The C version finds my test circle and has a low rate of false positives, but the C++ version has a significantly higher mistake rate.
//My C implementation
IplImage *img = cvQueryFrame( capture );
CvSize size = cvGetSize(img);
IplImage *hsv = cvCreateImage(size, IPL_DEPTH_8U, 3);
cvCvtColor(img, hsv, CV_BGR2HSV);
CvMat *mask = cvCreateMat(size.height, size.width, CV_8UC1);
cvInRangeS(hsv, cvScalar(107, 61, 0, 0), cvScalar(134, 255, 255, 0), mask);
/* Copy mask into a grayscale image */
IplImage *hough_in = cvCreateImage(size, 8, 1);
cvCopy(mask, hough_in, NULL);
cvSmooth(hough_in, hough_in, CV_GAUSSIAN, 15, 15, 0, 0);
cvShowImage("mask",hough_in);
/* Run the Hough function */
CvMemStorage *storage = cvCreateMemStorage(0);
CvSeq *circles = cvHoughCircles(hough_in, storage, CV_HOUGH_GRADIENT,
4, size.height/4, 100, 40, 0, 0);
// ... iterating over all found circles
this works pretty well
//My C++ implementation
cv::Mat img;
cap.read(img);
cv::Size size(img.cols,img.rows);
cv::Mat hsv(size, IPL_DEPTH_8U, 3);
cv::cvtColor(img, hsv, CV_BGR2HSV);
cv::Mat mask(size.height, size.width, CV_8UC1);
cv::inRange(hsv, cv::Scalar(107, 61, 0, 0), cv::Scalar(134, 255, 255, 0), mask);
GaussianBlur( mask, mask, cv::Size(15, 15), 0, 0 );
/* Run the Hough function */
imshow("mask",mask);
vector<cv::Vec3f> circles;
cv::HoughCircles(mask, circles, CV_HOUGH_GRADIENT,
4, size.height/4, 100, 140, 0, 0);
// ... iterating over all found circles
As you can see, I use same arguments to all calls. I tested this with a webcam and a static sample object.One requirement is to use OpenCV2 C++ API.

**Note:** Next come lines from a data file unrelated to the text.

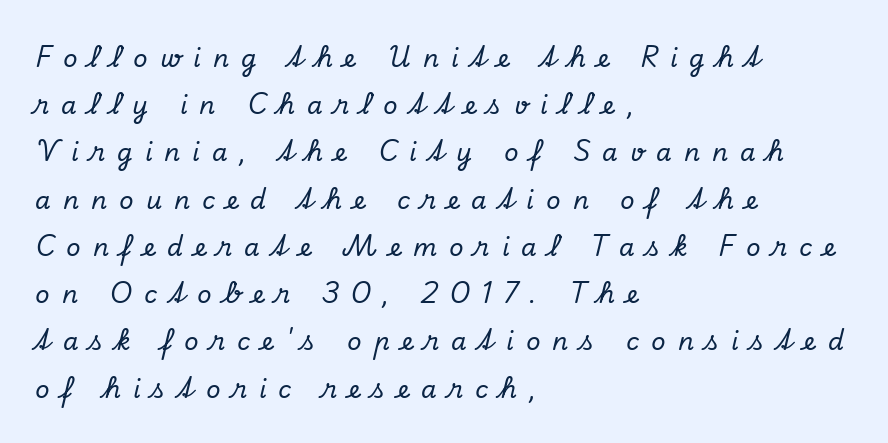
The image shows 25 px text type, italic (leaning right); set left-aligned, line spacing 1.89x, unusually wide letter spacing (+0.48 em), not underlined.
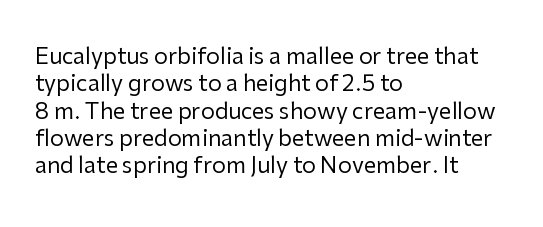
The image shows 22 px text type, upright; set left-aligned, line spacing 1.24x, normal letter spacing, not underlined.
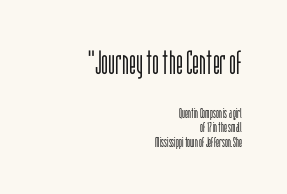
Q: Is the text bold? A: No.
Q: Is the text italic (slanted)? A: No, it is upright.
Q: Is the typeface a serif or a sans-serif typeface? A: Sans-serif.
Q: Is the text underlined? A: No.
Q: How is the paragraph aligned? A: Right-aligned.
Q: Is the spacing between letters normal or unusually wide? A: Normal.
Q: Is the spacing between lines tight, normal or loose? A: Tight.
Q: Which block of text is set in a larger size, the first (top) or the second (bottom)? A: The first (top) one.
Q: Width (condensed, normal, or wide)? A: Condensed.
Q: Stroke contrast? A: Low.
Q: x-height? A: Large.
Q: Monospaced? A: No.
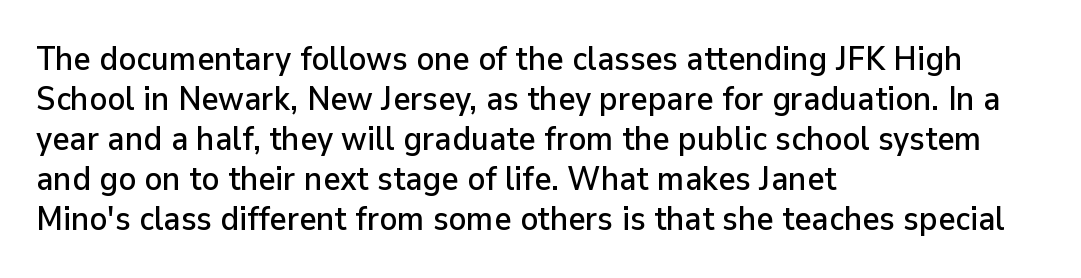
Horizontally, the lines are justified to the leading edge only. Plain, unruled lines of type. Tall strokes in this sample are plumb rather than angled. Is this a fixed-width face? No — the glyphs have proportional, varying widths. The designer went with a sans here, leaving each stem footless. Standard letterfit; no display-style spreading of the glyphs.
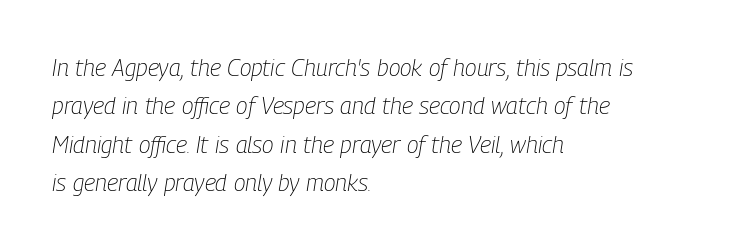
The image shows 24 px text type, italic (leaning right); set left-aligned, normal line spacing (1.6x), normal letter spacing, not underlined.
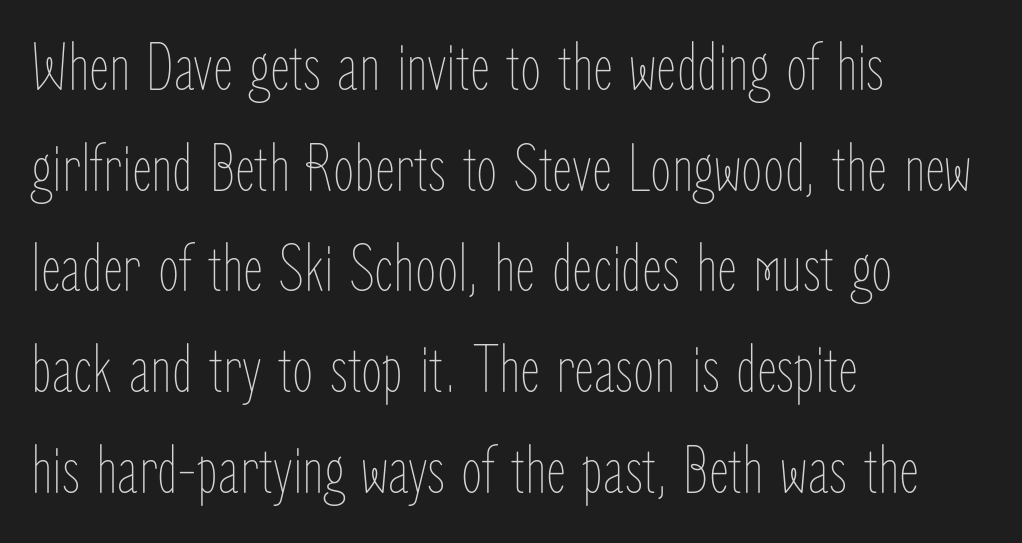
Students, observe: this is what conventionally led text looks like. Counters stay open thanks to moderate or lighter strokes. The rendering keeps characters at their native spacing. Varying glyph widths throughout — classic text-font behaviour. Ascenders rise straight up at ninety degrees. Plain, unruled lines of type.
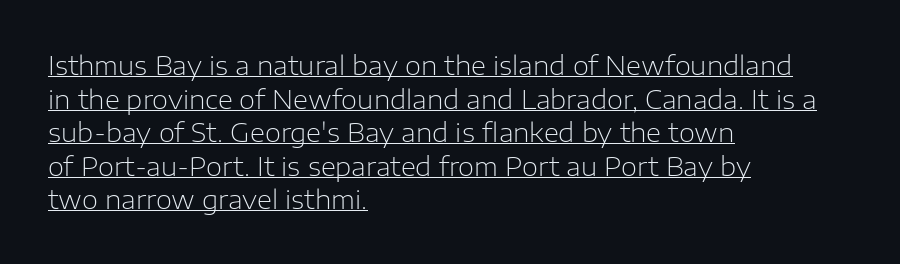
Q: Is the text bold? A: No.
Q: Is the text italic (slanted)? A: No, it is upright.
Q: Is the text underlined? A: Yes.
Q: How is the paragraph aligned? A: Left-aligned.
Q: Is the spacing between letters normal or unusually wide? A: Normal.
Q: Is the spacing between lines tight, normal or loose? A: Normal.
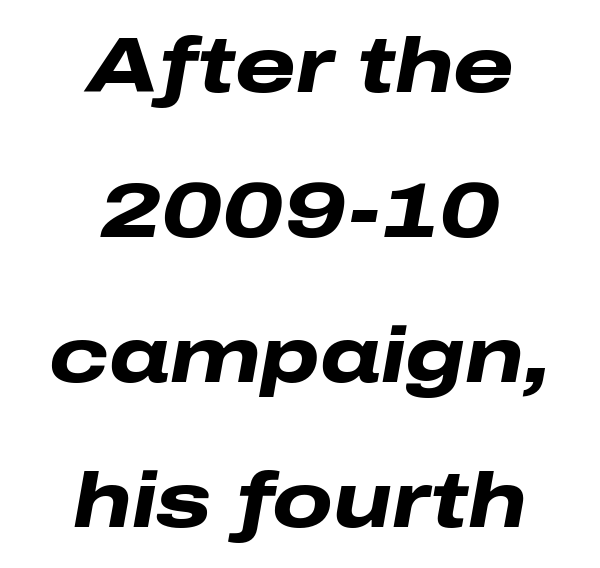
Q: Is the text bold? A: Yes.
Q: Is the text italic (slanted)? A: Yes, it leans right by about 10 degrees.
Q: Is the text underlined? A: No.
Q: How is the paragraph aligned? A: Centered.
Q: Is the spacing between letters normal or unusually wide? A: Normal.
Q: Width (condensed, normal, or wide)? A: Wide.
Q: Stroke contrast? A: Low.
Q: x-height? A: Medium.
Q: Monospaced? A: No.
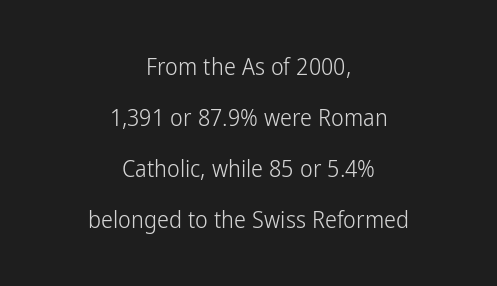
The letters stand straight up with perfectly vertical stems. Standard letterfit; no display-style spreading of the glyphs. Leading: increased. The strokes carry an ordinary text weight at most.
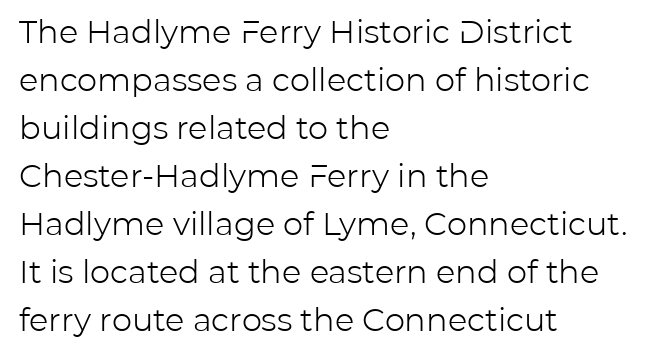
{"serif": "no", "italic": "no", "bold": "no", "weight": "light", "width": "normal", "stroke_contrast": "low", "x_height": "medium", "monospaced": "no", "underline": "no", "align": "left", "line_spacing": "normal", "line_spacing_ratio": 1.5, "letter_spacing": "normal", "letter_spacing_em": 0.0, "glyph_px": 32}

Does anybody know, why I get so different results under equivalent conditions?
Edit
The different threshold values was just a mistake when I tested to make results more equally. These screenshots are taken with threshold set to 40 for both versions:
Screenshots: (Sorry, cannot yet post images)
C and C++ version
I see Hough parameters in C version as "..., 100, 40, 0, 0); " while in C++ version as "... 100, 140, 0, 0);" This difference in thresholds probably explains the difference in results.